I thought this was efficiency. Get all the requirements into one place, and the AI handles everything in one pass.

It didn't work that way. The prompt kept growing, and with every addition, something else would break. I'd add a rule to fix problem A, and two days later that same rule would cause a strange failure in scenario B. I started spending real time debugging prompts — which was exactly backwards. I'd brought AI in to save time.

The issue wasn't that my prompts weren't good enough. The issue was that I was asking one person to run an entire team.


01

Design Teams Aren't One Person — The Role Split

This realization felt obvious the moment I had it. Embarrassingly so.

In a real design team, no one person simultaneously does the research, writes the requirements, produces the designs, runs the critique, and audits the component library. These are different roles. They require different mindsets. And — critically — they're meant to check each other. The person who designs something shouldn't also be the one reviewing it. That's not just team structure; that's professional ethics.

But when I worked with AI, I treated it like one entity that needed to know everything, be responsible for everything, and do everything in sequence. So I broke it into five.

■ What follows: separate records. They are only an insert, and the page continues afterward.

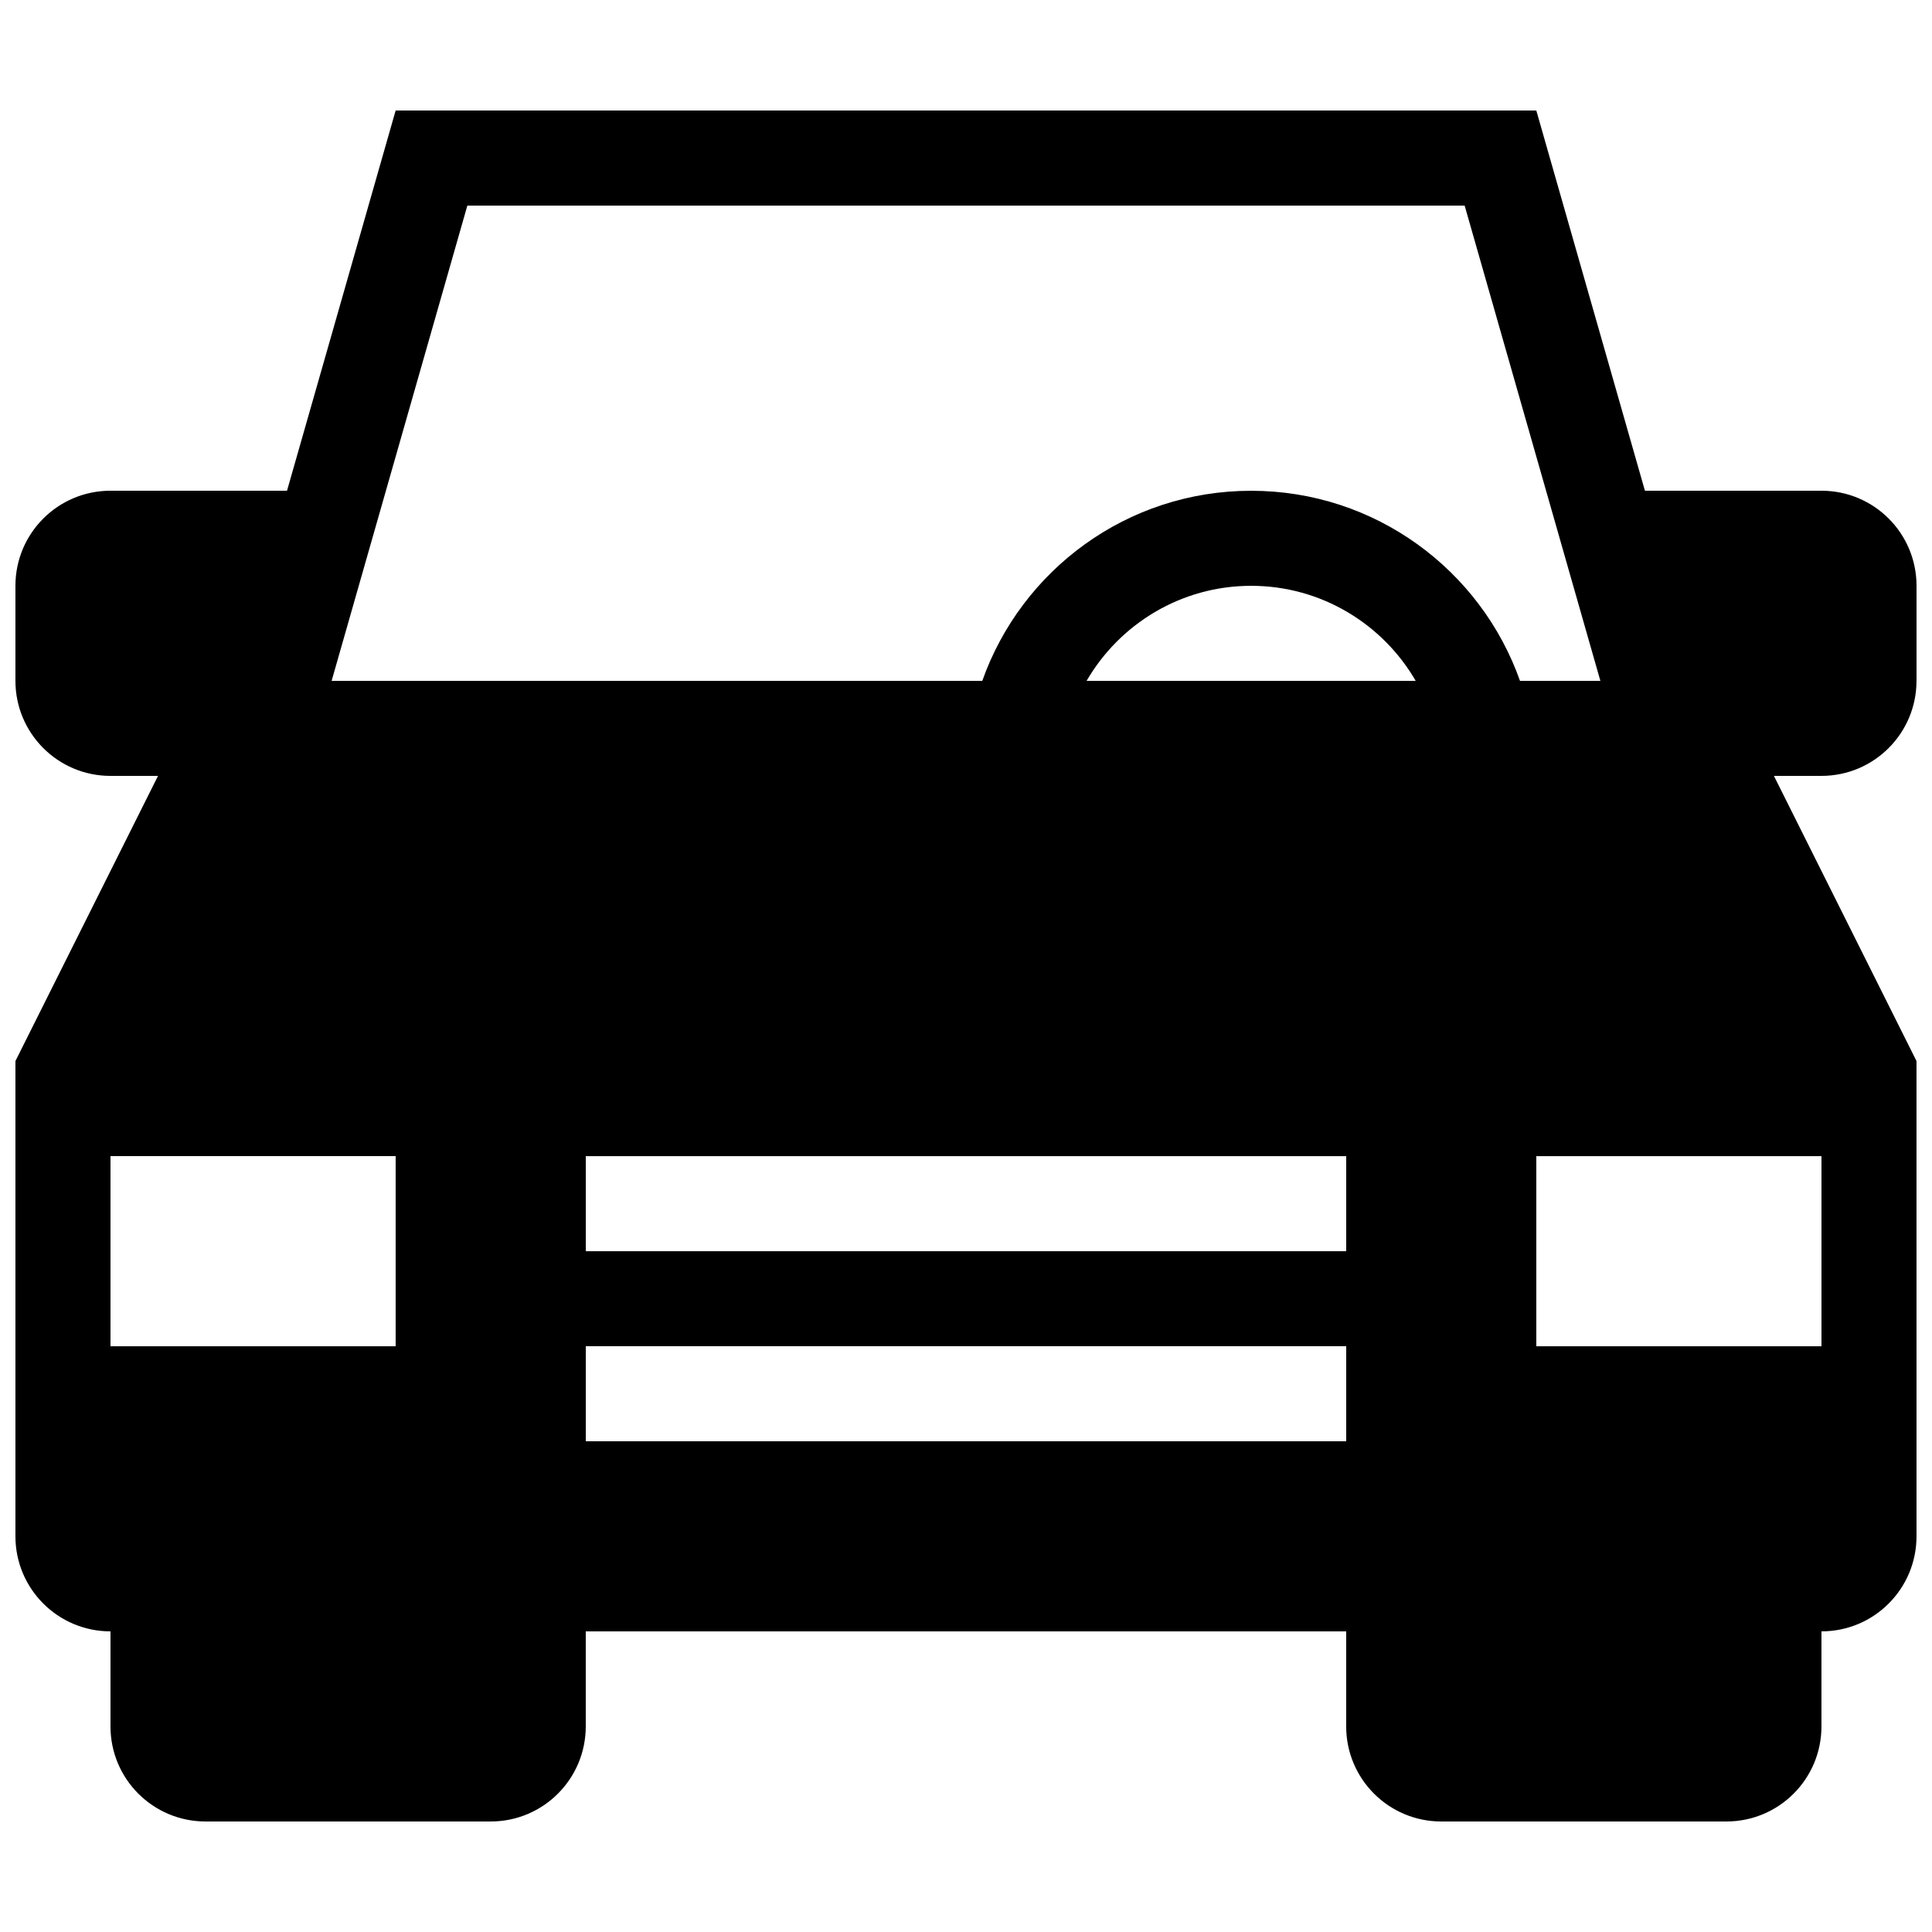 <?xml version="1.0" encoding="UTF-8"?>
<!-- Uploaded to: SVG Repo, www.svgrepo.com, Generator: SVG Repo Mixer Tools -->
<svg width="800px" height="800px" version="1.1" viewBox="144 144 512 512" xmlns="http://www.w3.org/2000/svg">
 <defs>
  <clipPath id="a">
   <path d="m148.09 173h503.81v454h-503.81z"/>
  </clipPath>
 </defs>
 <g clip-path="url(#a)">
  <path d="m651.9 324.43v-25.191c0-13.91-11.266-25.191-25.191-25.191h-46.785l-28.785-100.76h-302.29l-28.789 100.76h-46.781c-13.926 0-25.191 11.281-25.191 25.191v25.191c0 13.91 11.266 25.191 25.191 25.191h12.594l-37.785 75.566v125.95c0 13.914 11.266 25.191 25.191 25.191v25.191c0 13.91 11.266 25.191 25.191 25.191h75.57c13.926 0 25.191-11.281 25.191-25.191v-25.191h201.52v25.191c0 13.91 11.266 25.191 25.191 25.191h75.57c13.926 0 25.191-11.281 25.191-25.191v-25.191c13.926 0 25.191-11.273 25.191-25.191l-0.004-125.95-37.785-75.57h12.594c13.926 0 25.191-11.281 25.191-25.191zm-403.05 176.34h-75.57v-50.383h75.57zm251.91 25.188h-201.52v-25.191h201.52zm0-50.379h-201.52v-25.191h201.52zm-68.805-151.14c8.73-15.055 25.02-25.191 43.613-25.191s34.883 10.137 43.609 25.191zm43.613-50.379c-32.91 0-60.879 21.035-71.258 50.383l-172.43-0.004 35.969-125.95 264.3 0.004 35.969 125.95h-21.297c-10.371-29.348-38.348-50.383-71.25-50.383zm151.14 176.33v50.383h-75.57v-50.383z"/>
 </g>
</svg>

Five roles — each independent
Research Specialist Competitive analysis and user research. The team's antenna for outside information.
Requirements Specialist Translating vague intent into clear, actionable design requirements.
Design Specialist The core executor. Making design decisions within established visual guidelines.
Usability Evaluation Specialist Rigorous critique focused on finding problems, not reasons to approve.
Component Audit Specialist Final gate. Confirming that outputs are compatible with the existing component library.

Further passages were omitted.